Keeping gas pressure where it belongs
A fuel gas pipe must deliver enough gas to every appliance without dropping the pressure below what the burners need. NFPA 54 and the IPC let designers size low-pressure systems so the total pressure loss stays within a small allowance — commonly 0.3 inches of water column (in WC). This calculator computes the drop through a pipe segment so you can confirm a run is large enough before it goes in the wall.
How it works — the Spitzglass formula
For low-pressure gas (under about 1.5 psi) the code references the Spitzglass formula. Its
low-pressure form relates flow to the square root of diameter to the fifth power
times pressure drop, divided by length and specific gravity, with a
diameter-dependent friction factor Cr = 1 / sqrt(1 + 3.6/D + 0.03·D). Solving
for the pressure drop gives:
H = ( Q / (3550 · Cr) )^2 · ( Cg · L ) / D^5
where H is the drop in inches of water column, Q is flow in SCFH, D is the
actual inside diameter in inches, Cg is gas specific gravity (0.60 for natural
gas, 1.52 for propane), and L is length in feet. The tool uses Schedule 40
steel inside diameters and back-calculates the heat input from your flow using
the gas heating value (approximately 1,030 BTU/scf for natural gas and 2,516 BTU/scf for propane).
Worked example
Say you have a furnace drawing 100,000 BTU/h and a water heater drawing 40,000 BTU/h on the same branch — total load 140,000 BTU/h. Converting to SCFH for natural gas: 140,000 ÷ 1,030 ≈ 136 SCFH. The branch is 30 ft of 3/4-inch Schedule 40 pipe (inside diameter 0.824 in).
Plugging into the Spitzglass formula with Cg = 0.60:
Cr = 1 / sqrt(1 + 3.6/0.824 + 0.03×0.824)≈ 0.424H = (136 / (3550 × 0.424))^2 × (0.60 × 30) / 0.824^5- This works out to roughly 0.22 in WC — comfortably under the 0.3 in WC limit.

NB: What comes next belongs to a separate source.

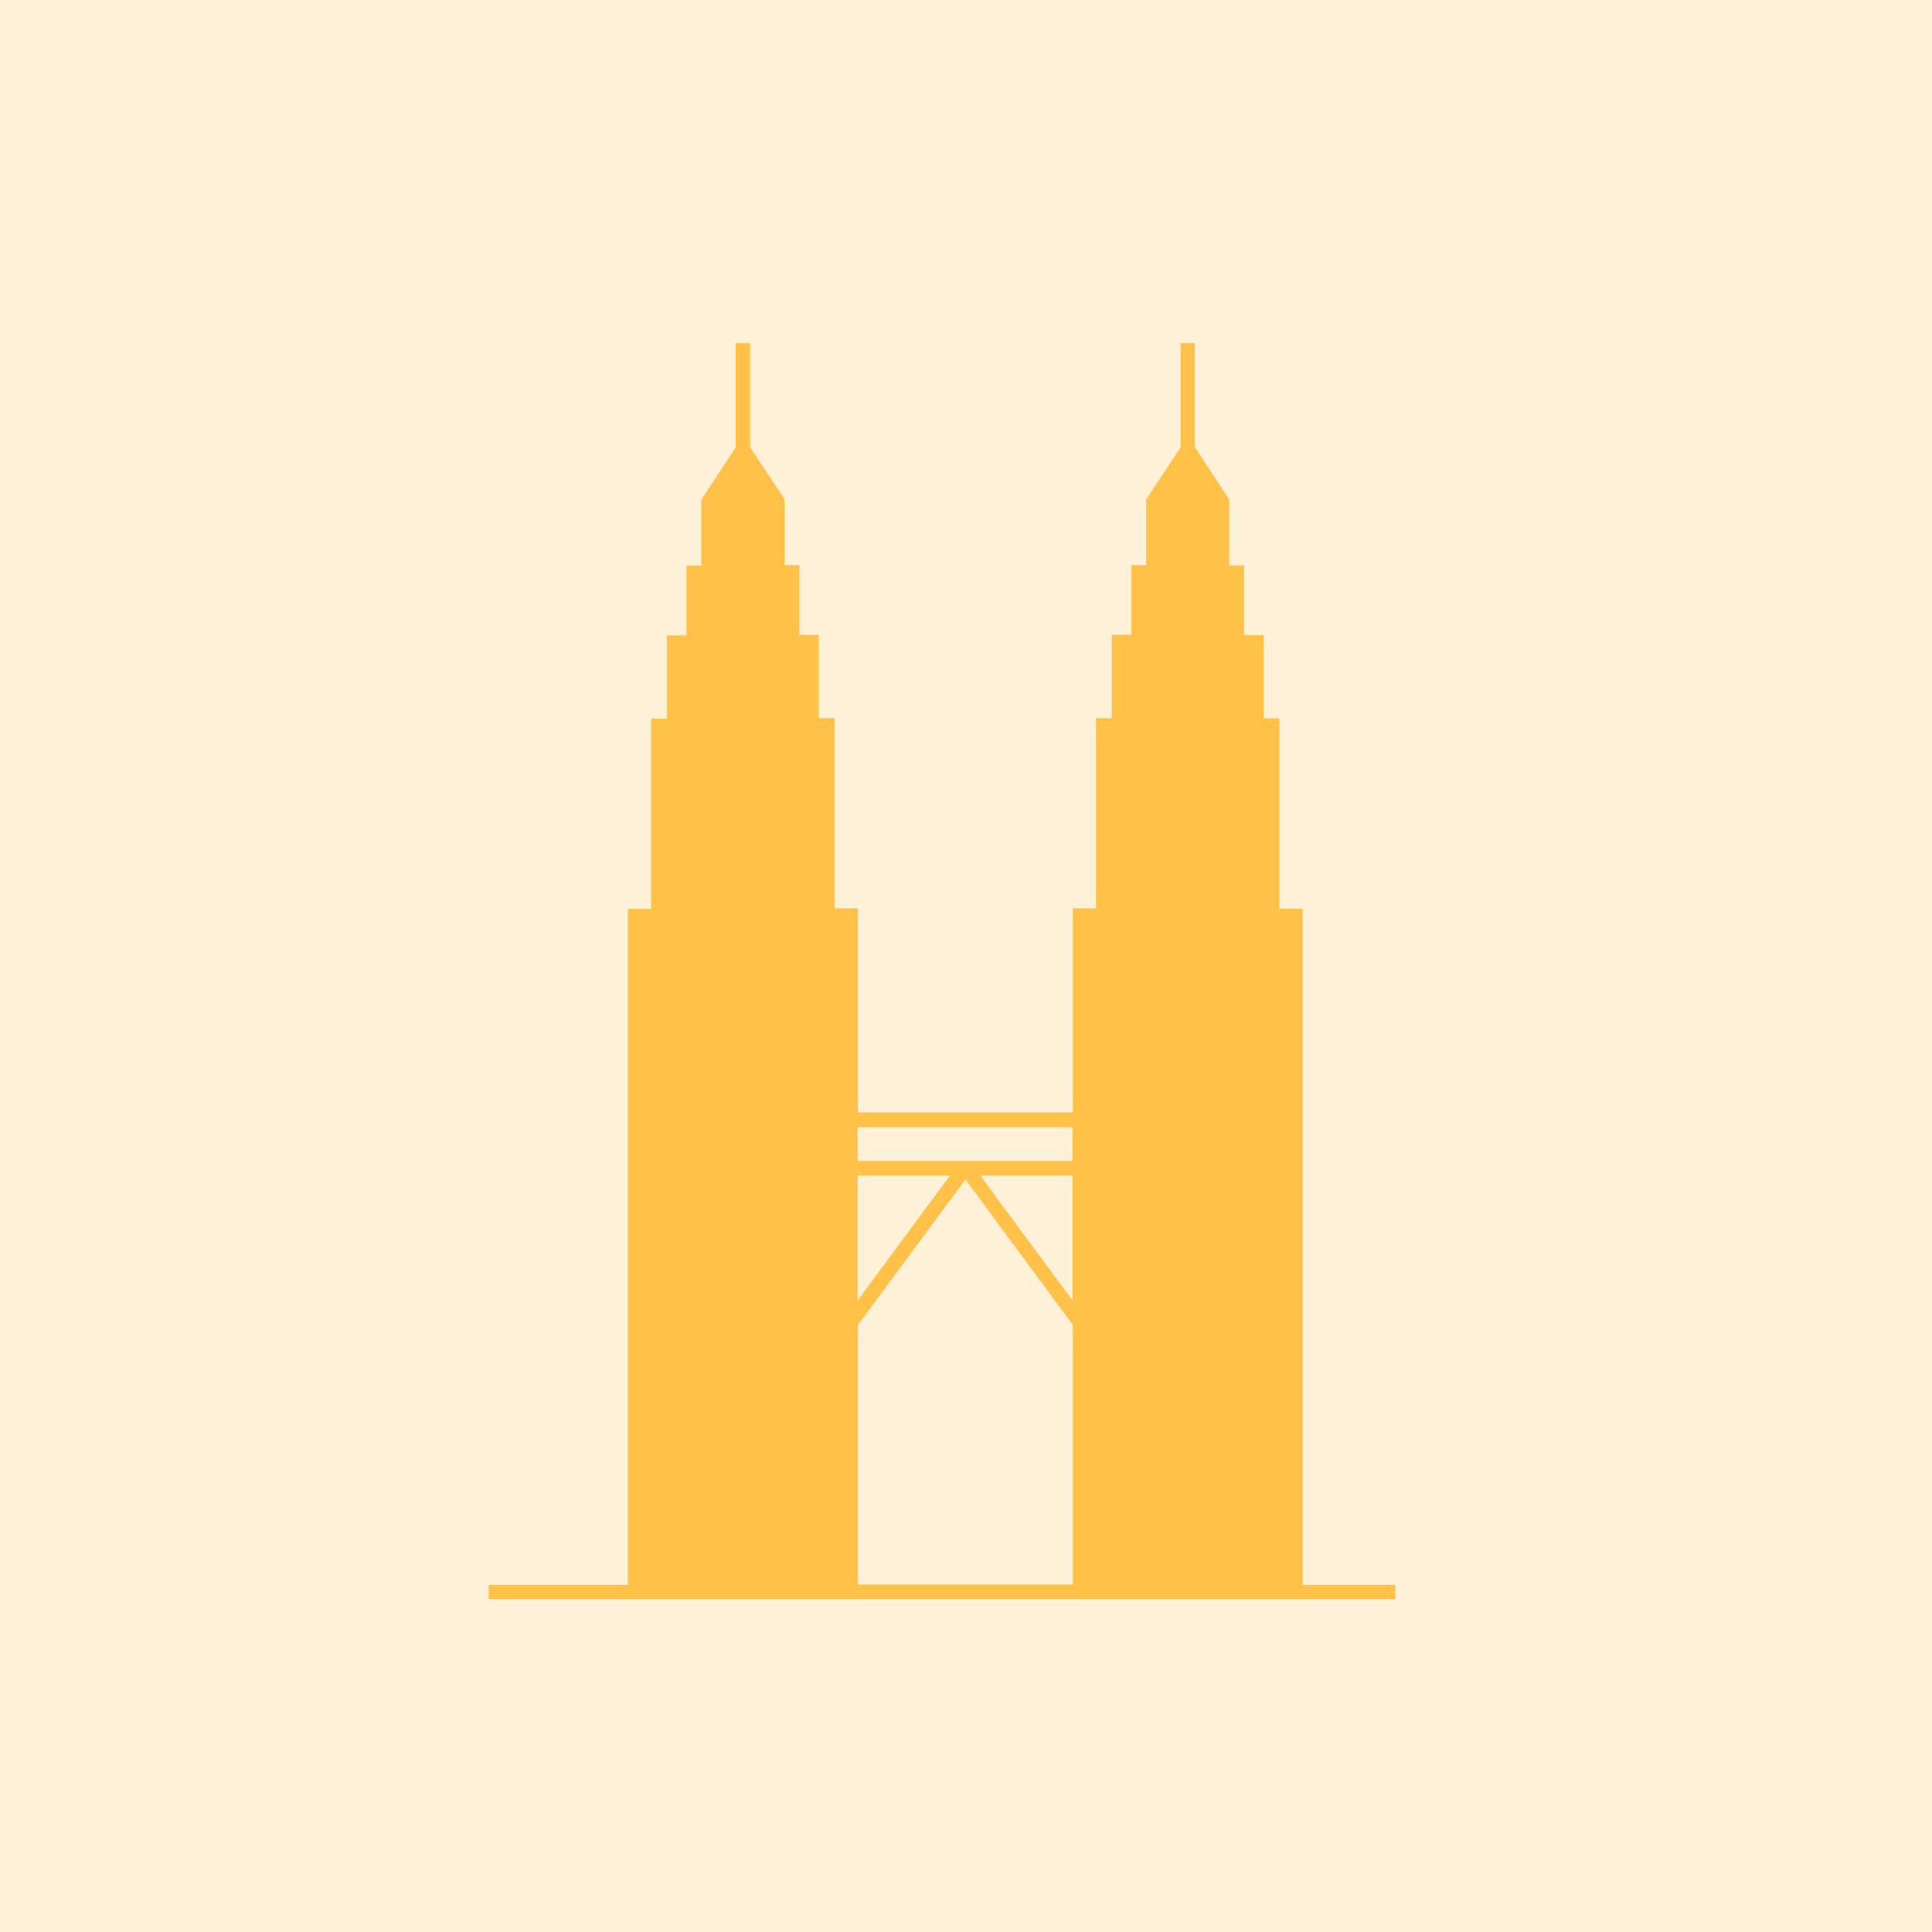 <svg xmlns="http://www.w3.org/2000/svg" xmlns:xlink="http://www.w3.org/1999/xlink" id="Layer_1" viewBox="0 0 64 64"><defs><style>.cls-1{fill:none;}.cls-2{clip-path:url(#clippath);}.cls-3{fill:#fff1d7;}.cls-4{fill:#ffc147;}</style><clipPath id="clippath"><rect class="cls-1" x="16.19" y="11.37" width="30.03" height="41.6"></rect></clipPath></defs><rect class="cls-3" width="64" height="64"></rect><g class="cls-2"><path class="cls-4" d="M31.98,39.07l3.56,4.82v8.6h-7.12v-8.6l3.56-4.82Zm.49-.13h3.06v4.14l-3.06-4.14Zm-4.06,0h3.06l-3.06,4.14v-4.14Zm0-1.6h7.12v1.12h-7.12v-1.12Zm-4.04-25.97v3.45l-1.14,1.74v2.18h-.49v2.31h-.65v2.76h-.52v6.3h-.77v22.39h-4.61v.48h30.03v-.48h-3.07V30.1h-.77v-6.3h-.52v-2.76h-.65v-2.31h-.49v-2.18l-1.14-1.74v-3.45h-.47v3.46l-1.14,1.72v2.18h-.49v2.31h-.65v2.76h-.52v6.3h-.77v6.76h-7.12v-6.76h-.77v-6.3h-.53v-2.76h-.64v-2.31h-.49v-2.18l-1.14-1.72v-3.46h-.47"></path></g></svg>

Extend that branch to 60 ft and the drop roughly doubles to about 0.44 in WC, exceeding the allowance. The fix is to upsize to 1-inch pipe (ID 1.049 in), which drops the loss well below 0.1 in WC.
Key design rules
- Pressure drop scales with the square of flow and linearly with length. Doubling the flow quadruples the drop; doubling the run length doubles it.
- Add equivalent length for fittings. An elbow typically adds 1–2 ft of equivalent length per nominal diameter; a tee can add more. Include these in the length you enter.
- Check the longest path, not each segment in isolation. The total drop from the meter to the farthest appliance is what must stay within the 0.3 or 0.5 in WC allowance.
- Manifold pressure matters. Natural gas appliances typically need about 3.5 in WC at the appliance manifold; propane appliances need about 11 in WC. If supply pressure minus the calculated drop still clears these values, the sizing is adequate.
- Propane runs through smaller pipes. Because propane has a higher heating value per cubic foot, the SCFH flow is much lower for the same BTU/h load, so propane systems often size down one nominal pipe size compared to natural gas for the same appliance load.